6.4. De voorzieningenrechter geeft de gemeente, los van het voorgaande, in overweging om, in overleg met [gedaagde] en [betrokkene], te bezien of de mogelijkheid bestaat [gedaagde] tot het moment dat de standplaats aan de [adres] gereed komt, gebruik te laten maken van de standplaats aan de [adres 3]. Het is gezien (het karakter van) de verleende huisvestingsvergunning immers aannemelijk dat [gedaagde] de standplaats aan de [adres] na het gereedkomen daarvan zal innemen. Voor de, naar de gemeente stelt nog relatief korte, tussenliggende periode biedt een verblijf op de standplaats aan de [adres 3] – al is die zonder recht of titel - mogelijk een oplossing, terwijl door dit vonnis kan worden voorkomen dat het gebruik door [gedaagde] een meer permanent karakter krijgt.

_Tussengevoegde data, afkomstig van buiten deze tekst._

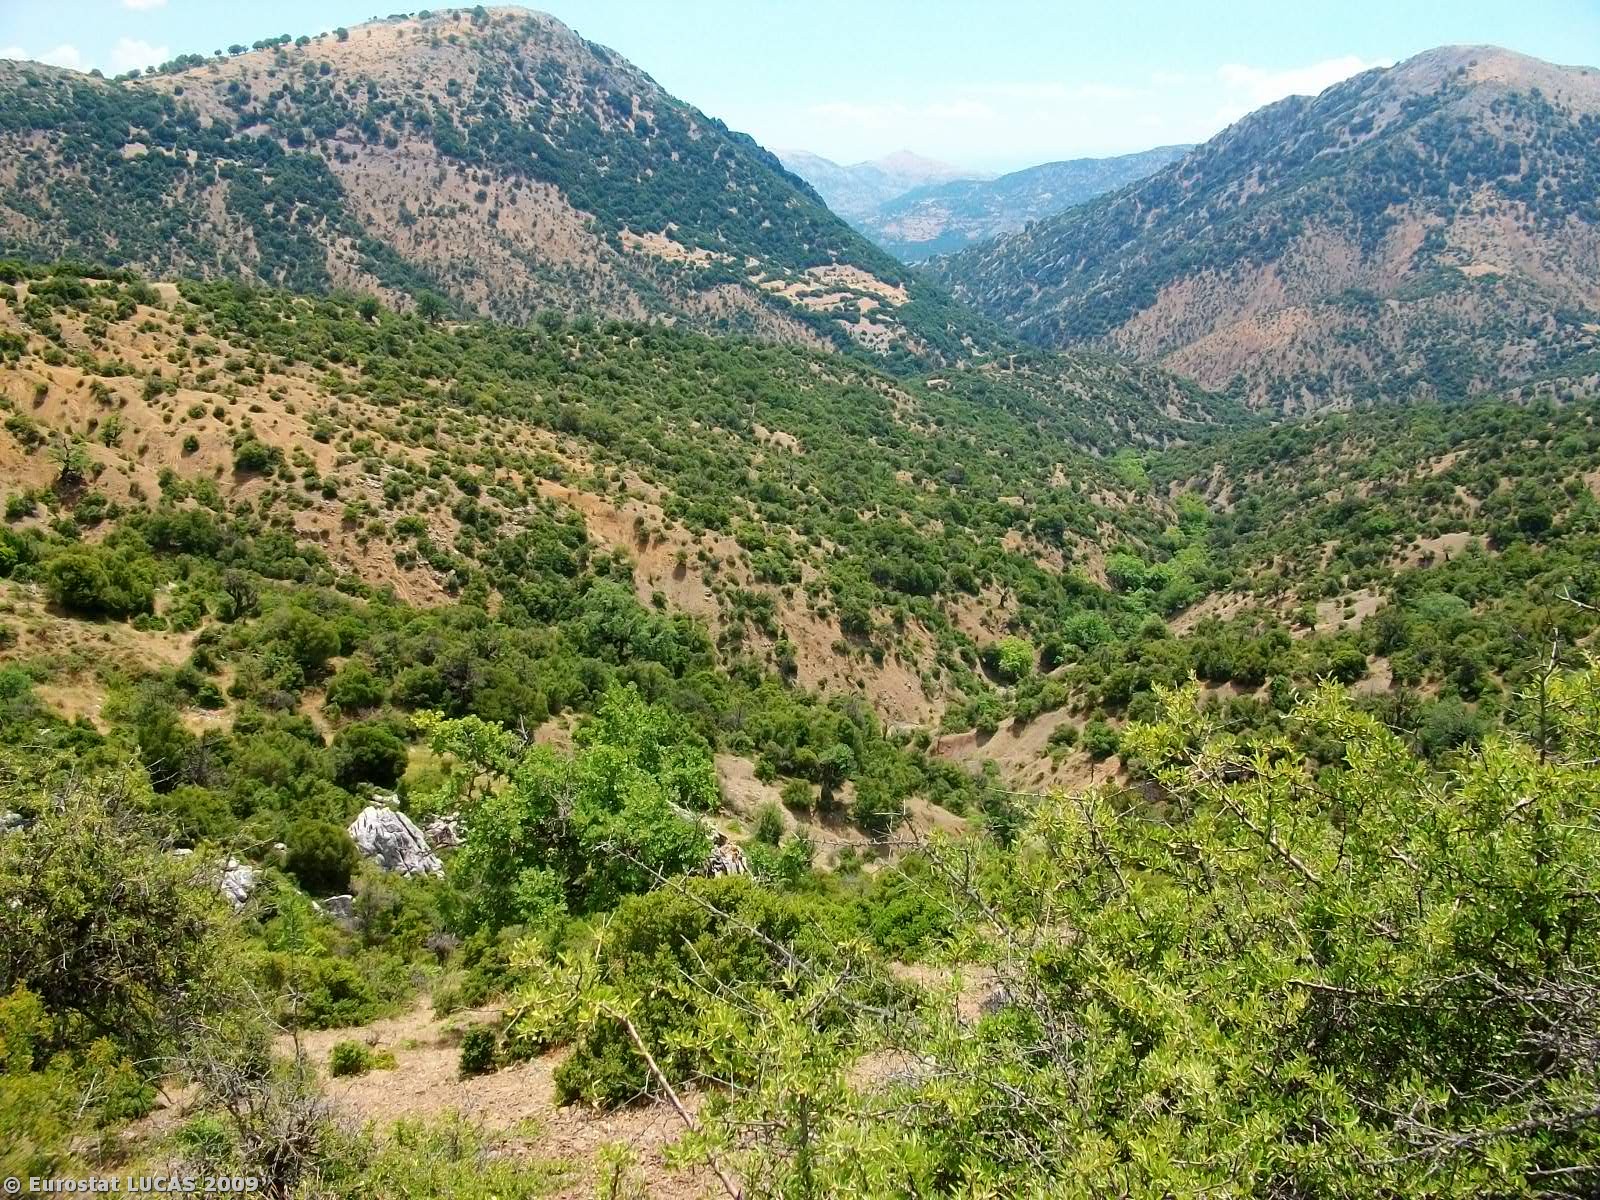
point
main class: Shrubland
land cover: Shrubland with sparse tree cover
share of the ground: 50 - 75 %
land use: Agriculture (excluding fallow land and kitchen gardens)
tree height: < 5 m
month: July
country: GR
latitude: 38.4660
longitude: 22.1560
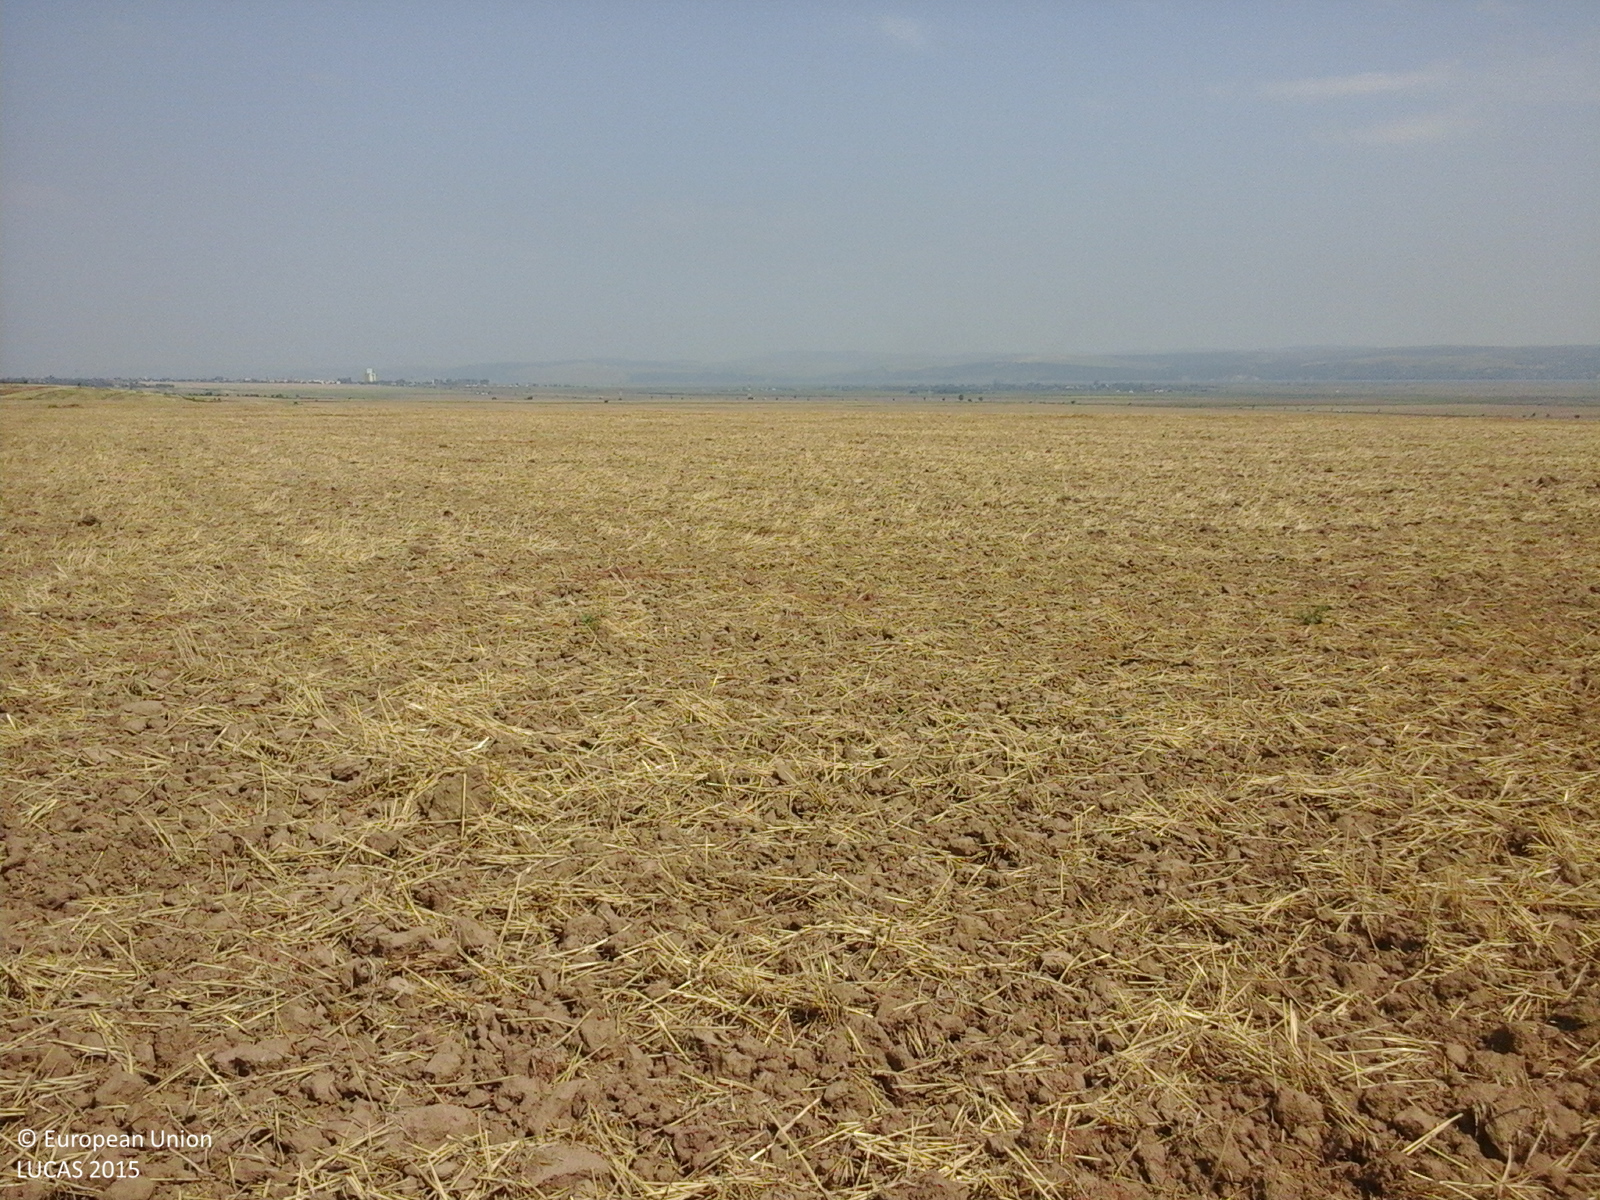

6.5. [gedaagde] wordt als de in het ongelijk gestelde partij veroordeeld in de proceskosten. De kosten aan de zijde van de gemeente worden begroot op:
- salaris advocaat € 408,00 (factor 0,5 × tarief EUR 816,00)
Totaal € 408,00
7. De beslissing
De voorzieningenrechter
in conventie
7.1. veroordeelt [gedaagde] om binnen 7 dagen na betekening van dit vonnis de onroerende zaak aan de [adres 3] [ ] in [woonplaats] (kadastraal bekend: gemeente [woonplaats], sectie H, nummers 3666 [gedeeltelijk]) alsmede alle gronden rondom deze onroerende zaak te verlaten en te ontruimen met alles wat van [gedaagde] is (waaronder de aanwezige caravan) en ieder die bij [gedaagde] en de onroerende zaak in oorspronkelijke staat leeg en ontruimd aan de gemeente op te leveren en deze onroerende zaak ontruimd en verlaten te houden,
7.2. machtigt de gemeente om, als [gedaagde] niet tot ontruiming overgaat of de genoemde onroerende zaak niet verlaten en ontruimd houdt, die ontruiming zelf te laten uitvoeren, zonodig met hulp van de politie en veroordeelt [gedaagde] in de kosten van die ontruiming, vermeerderd met de wettelijke rente,
7.3. bepaalt dat dit vonnis binnen een termijn van één jaar ook ten uitvoer kan worden gelegd tegen eenieder die zich ten tijde van de tenuitvoerlegging op de onroerende zaak aan de [adres 3] [ ] in [woonplaats] (kadastraal bekend: gemeente [woonplaats], sectie H, nummers 3666 [gedeeltelijk]) bevindt,
7.4. verbiedt [gedaagde] om binnen de gemeente [woonplaats] enig in eigendom van de gemeente zijnde onroerende zaak zonder toestemming van de gemeente in gebruik te nemen en te houden, althans zich daarop te vestigen danwel te verblijven, en veroordeelt [gedaagde] om een door haar in strijd met dit verbod ingenomen onroerende zaak binnen 7 dagen na betekening van dit vonnis te verlaten en te ontruimen met alles wat van [gedaagde] is en ieder die bij [gedaagde] hoort en de onroerende zaak in oorspronkelijke staat leeg en ontruimd aan de gemeente op te leveren en deze onroerende zaak ontruimd en verlaten te houden,
7.5. machtigt de gemeente om, als [gedaagde] niet tot ontruiming van de door haar in strijd met het onder 7.4 gegeven verbod ingenomen onroerende zaak overgaat of de genoemde ingenomen onroerende zaak niet verlaten en ontruimd houdt, de ontruiming zelf te laten uitvoeren, zonodig met hulp van de politie en veroordeelt [gedaagde] in de kosten van die ontruiming, vermeerderd met de wettelijke rente,
7.6. veroordeelt [gedaagde] in de proceskosten, aan de zijde van de gemeente tot op heden begroot op € 1.166,93,
7.7. verklaart dit vonnis in conventie uitvoerbaar bij voorraad,
in reconventie
7.8. wijst de vordering af,
7.9. veroordeelt [gedaagde] in de proceskosten, aan de zijde van de gemeente tot op heden begroot op € 408,00,
7.10. verklaart dit vonnis in reconventie tot zover uitvoerbaar bij voorraad.
Dit vonnis is gewezen door mr. S.H. Bokx-Boom en in het openbaar uitgesproken in tegenwoordigheid van de griffier mr. M.J.C. van Leeuwen op 16 juni 2010.